Editorial: end of an era

I don’t think that anyone can doubt that Blair is a very good speaker. His speech was quite moving to those who were in the hall. It contained some things that even the jaded hacks of The Daily would endorse, such as the need to find constructive ways to get people “off the sick” or the importance of tax credits etc.

It was also moving, after so many years under Tony to hear him acknowledge that this will be his last speech, and effectively say goodbye to the Party.

However, as with all of his conference speeches, there were some things that can just drive me mad. For example, the line “not until we shake ourselves free of the wretched capitulation to the propaganda of the enemy, that somehow we are the ones responsible.”

It’s one of those things he says where he never says what he means, but you know he’s verbally stabbing you in the back. Is he implying that to criticise elements of UK foreign policy and its knock-on effects in strengthening terrorist groups is to “capitulate to the enemy” He didn’t say it, but you always know what he means.

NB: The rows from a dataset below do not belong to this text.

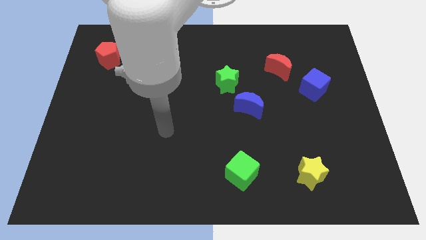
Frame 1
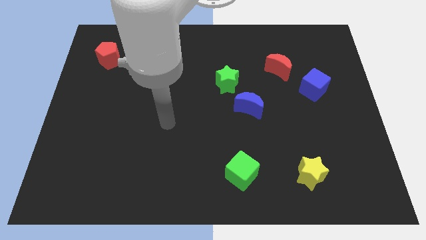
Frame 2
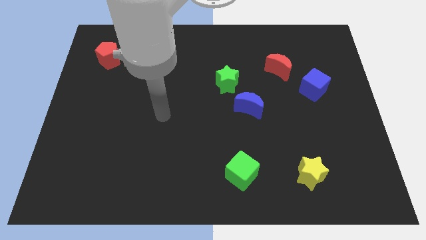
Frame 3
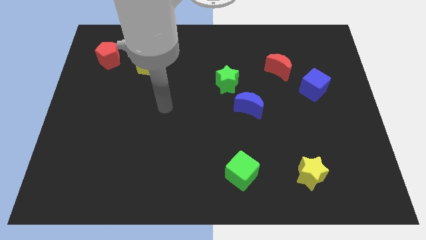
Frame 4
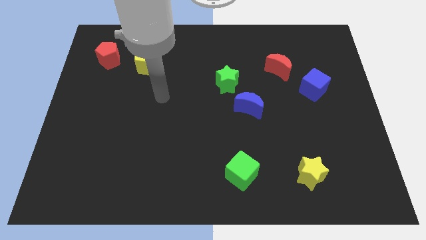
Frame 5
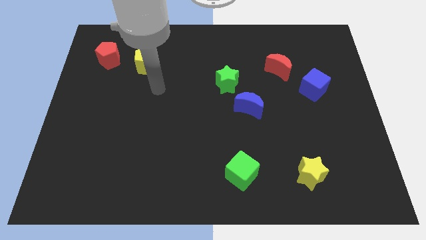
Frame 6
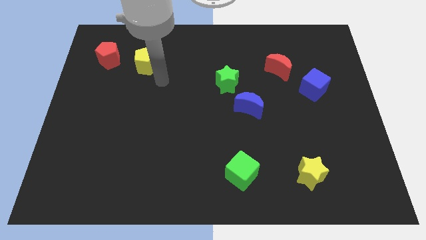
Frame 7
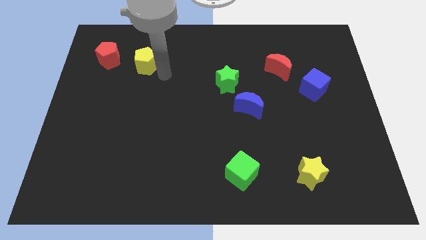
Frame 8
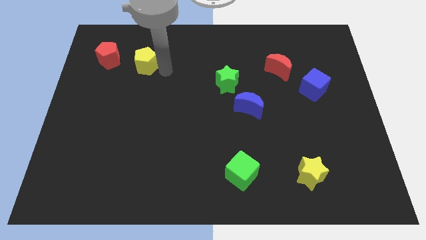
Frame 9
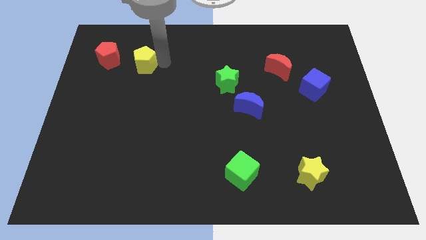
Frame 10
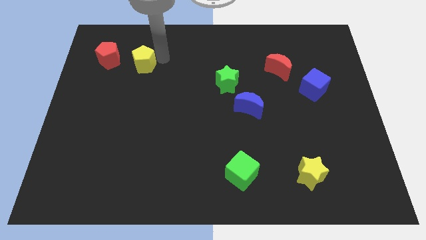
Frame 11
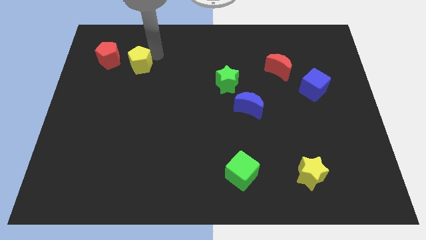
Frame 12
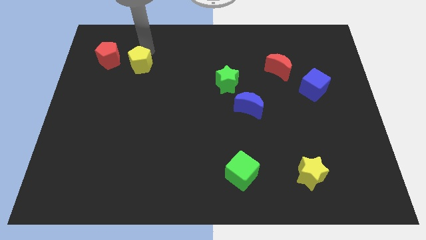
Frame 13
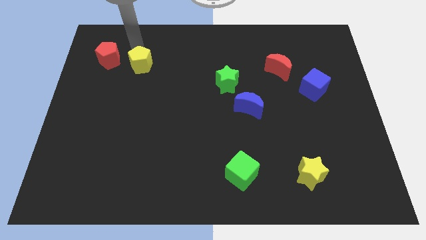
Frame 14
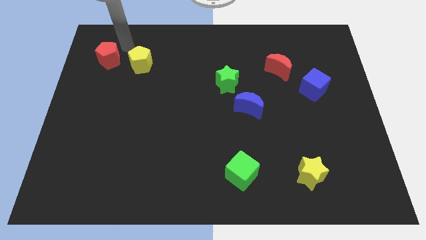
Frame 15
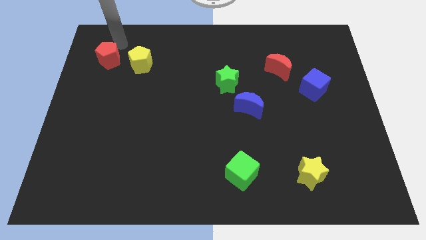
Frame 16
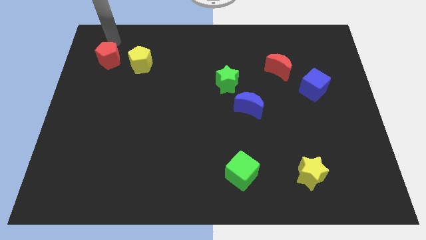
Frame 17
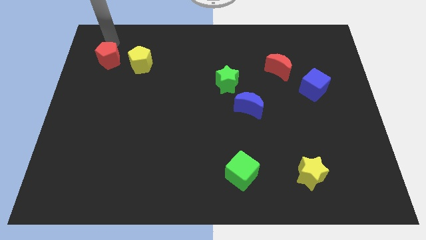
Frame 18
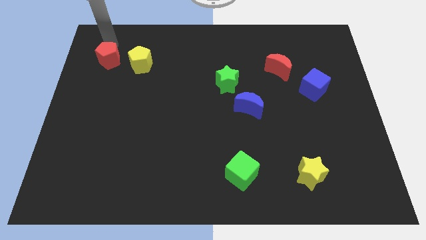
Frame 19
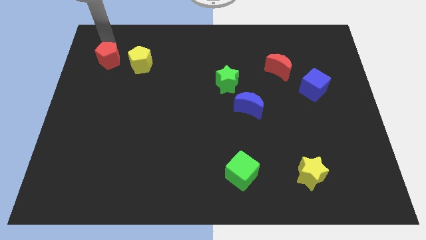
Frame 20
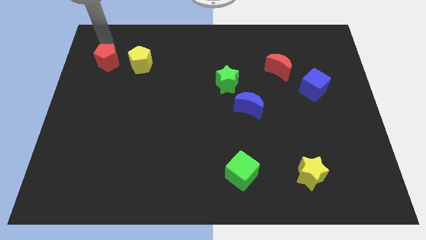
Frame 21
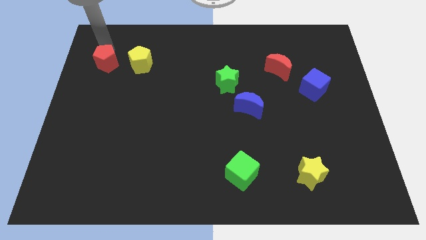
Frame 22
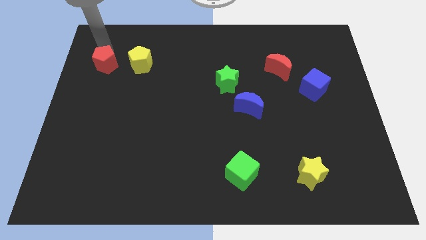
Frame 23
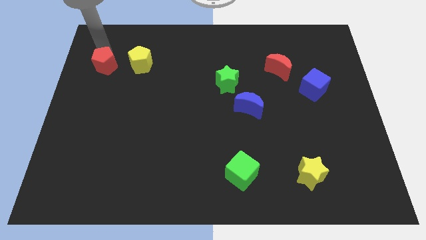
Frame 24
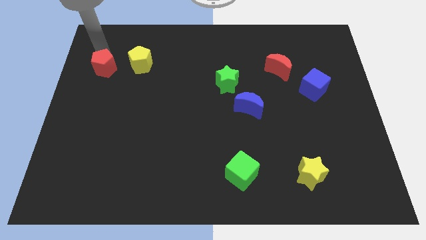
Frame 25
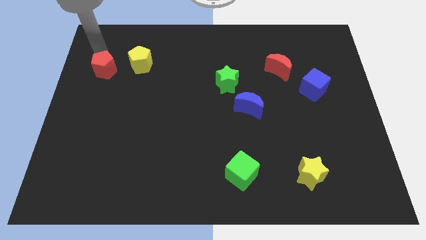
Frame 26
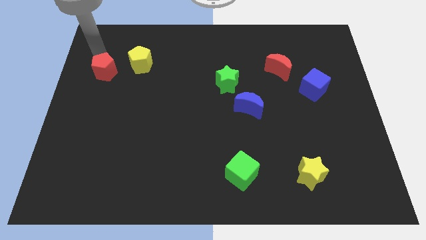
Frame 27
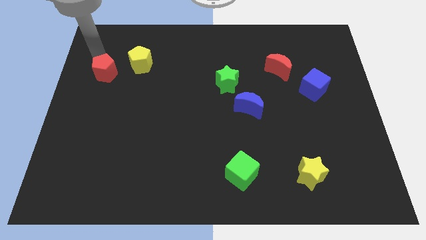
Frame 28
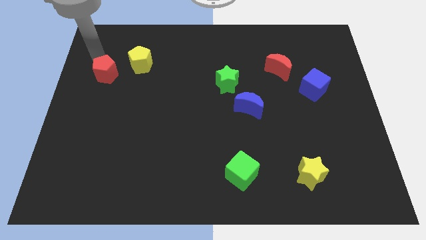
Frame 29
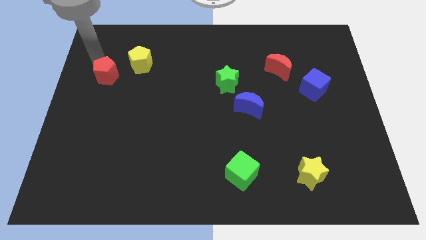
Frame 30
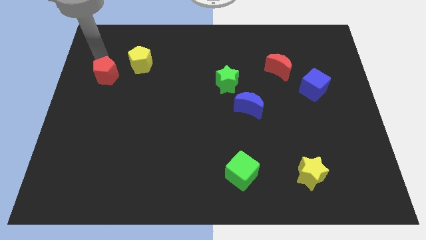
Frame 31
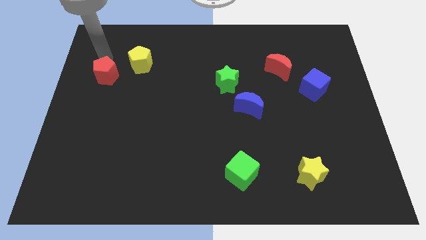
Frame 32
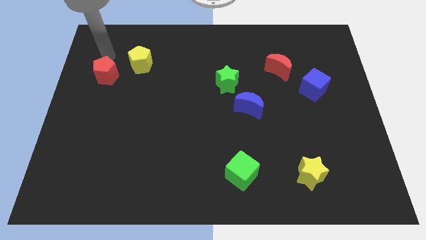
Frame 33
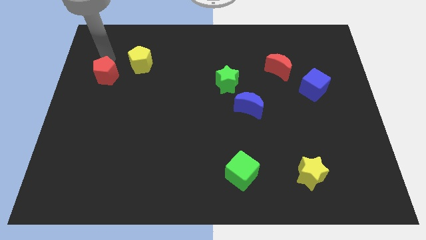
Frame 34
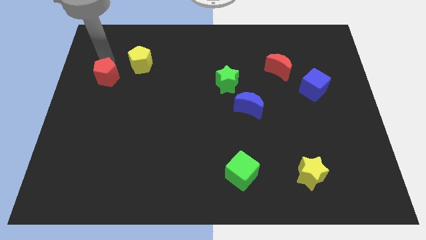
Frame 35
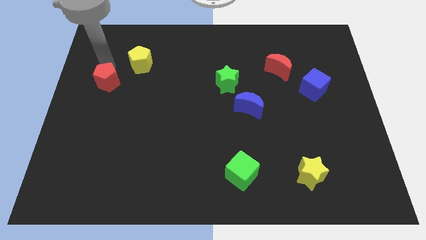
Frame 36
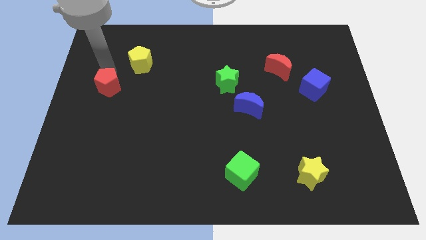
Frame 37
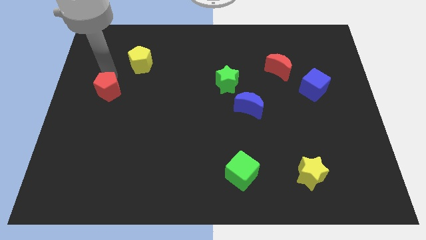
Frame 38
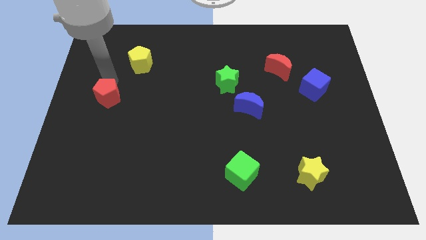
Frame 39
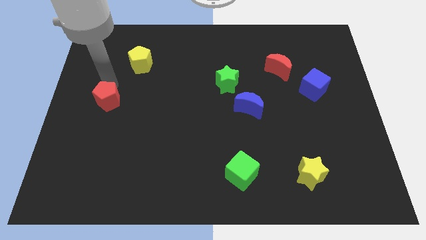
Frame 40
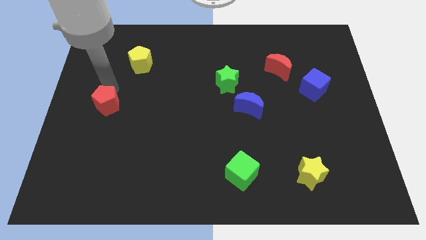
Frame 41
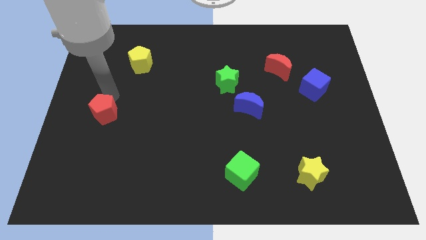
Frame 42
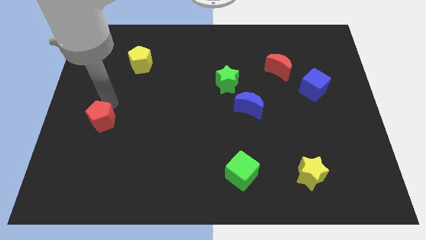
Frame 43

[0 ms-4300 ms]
move the red pentagon downwards

So, we’ll miss the drama, we’ll miss the showmanship and the oratory, but we won’t miss the veiled attacks. Tony Blair’s time in the Labour Party is coming to an end and it’s time for a new way of working in the party where instead of the party telling members how they need to change, the party listens to what people in their communities all over the country are saying and makes its voice heard.

One Response to Editorial: end of an era

  1. Tim Swift says:

    Your last sentence is all very well as long as it is read and followed with care. I agree that Labour has to continue to recreate itself as ‘the voice of our communities’ but that does not mean that it is at the moment. I cringe when I hear assumptions being made that the Labour membership is in any state to speak authoritatively about what our supporters – those we have and those we have lost – in communities want and believe. And I worry even more when those claims are made on behalf of the minority of us who are daft enough to go regularly to branch and party members.

    Recasting the party to be more inclusive yes, but let’s start with a recognition of the obligation this places on active members to recruit more, and to work in a way that makes us genuinely in touch with, and able to speak with and for, our communities.